Open wayphinder opened 1 year ago
Marking this as a bug because this seems to be in violation of the current binary distribution specification, which says:
In distribution names, ...uppercase characters should be replaced with corresponding lowercase ones.
and:
Version numbers should be normalised according to PEP 440.
Before fixing this, we should determine what proportion of recently uploaded filenames would be considered invalid, determine which build backends (if any) are producing invalid filenames, and attempt to fix them to produce normalized filenames if possible.
We should probably also do a standard deprecation/warning period before blocking upload for these.

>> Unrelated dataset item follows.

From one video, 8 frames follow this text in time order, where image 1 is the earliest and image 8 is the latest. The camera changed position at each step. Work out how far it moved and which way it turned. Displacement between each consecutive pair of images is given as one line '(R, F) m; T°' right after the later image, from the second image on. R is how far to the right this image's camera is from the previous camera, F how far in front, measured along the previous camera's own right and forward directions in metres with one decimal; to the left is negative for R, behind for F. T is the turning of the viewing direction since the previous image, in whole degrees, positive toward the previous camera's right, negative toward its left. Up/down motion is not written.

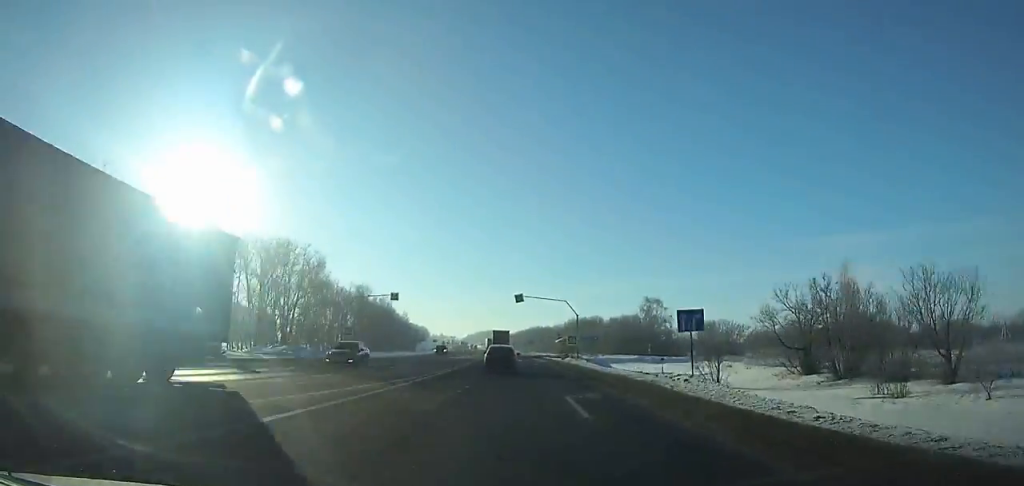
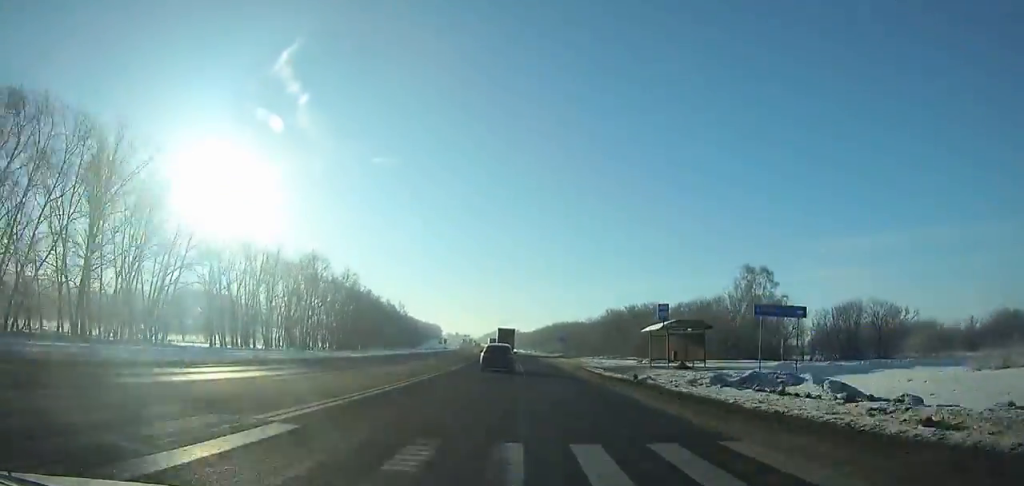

Apologies for barging in here, but I came across the issue and this part of the question intrigued me:
Before fixing this, we should determine what proportion of recently uploaded filenames would be considered invalid
So took a stab at this through the bigquery instance (I have no clue if this is a complete record of package uploads, but according to the metadata of the table it was updated on October 2nd) and built a simple groupby on project name, version and lowercase filename to select all instances of duplicate filename uploads in 2023. A csv of the query results can be found here.
For reference this is the query:
SELECT b.name, b.version, b.filename from `bigquery-public-data.pypi.distribution_metadata` as b
RIGHT JOIN
(SELECT name, version, COUNT(name) as versions, MIN(filename) as lower_filename FROM `bigquery-public-data.pypi.distribution_metadata`
WHERE
UPLOAD_TIME > TIMESTAMP(DATE "2023-01-01") AND
packagetype = 'bdist_wheel'
GROUP BY name, version, lower(filename)
HAVING versions > 1
) AS a
ON lower(a.lower_filename) = lower(b.filename)
results linked above include false positives eg the first two rows are both "start_ocr-0.0.3-py3-none-any.whl" (with no difference between them) and indeed there is only one such file at https://pypi.org/project/start-ocr/0.0.3/#files
nevertheless this mistake is a thing that really happens, I'm here because I ran across https://pypi.org/project/Pymem/1.13.1/#files, which has both "pymem-1.13.1-py3-none-any.whl" and "Pymem-1.13.1-py3-none-any.whl"
Thanks for doing the analysis! The number of duplicates is quite low, but we should really be checking for the occurrence of invalid filenames, even if there isn't a duplicate. I think there will probably be many more.
What's the problem this feature will solve?
It’s currently possible to upload duplicate distributions like the following
When installing
requests==1.0.0
, Poetry would select the first distribution and Pip the last.Describe the solution you'd like For sdists this will be fixed by https://github.com/pypi/warehouse/issues/12245 and the same type of enforcement can be made for bdists. I.e. enforce the normalization rules for the filenames, as well as verifying that the version in the filename matches the version in the metadata version.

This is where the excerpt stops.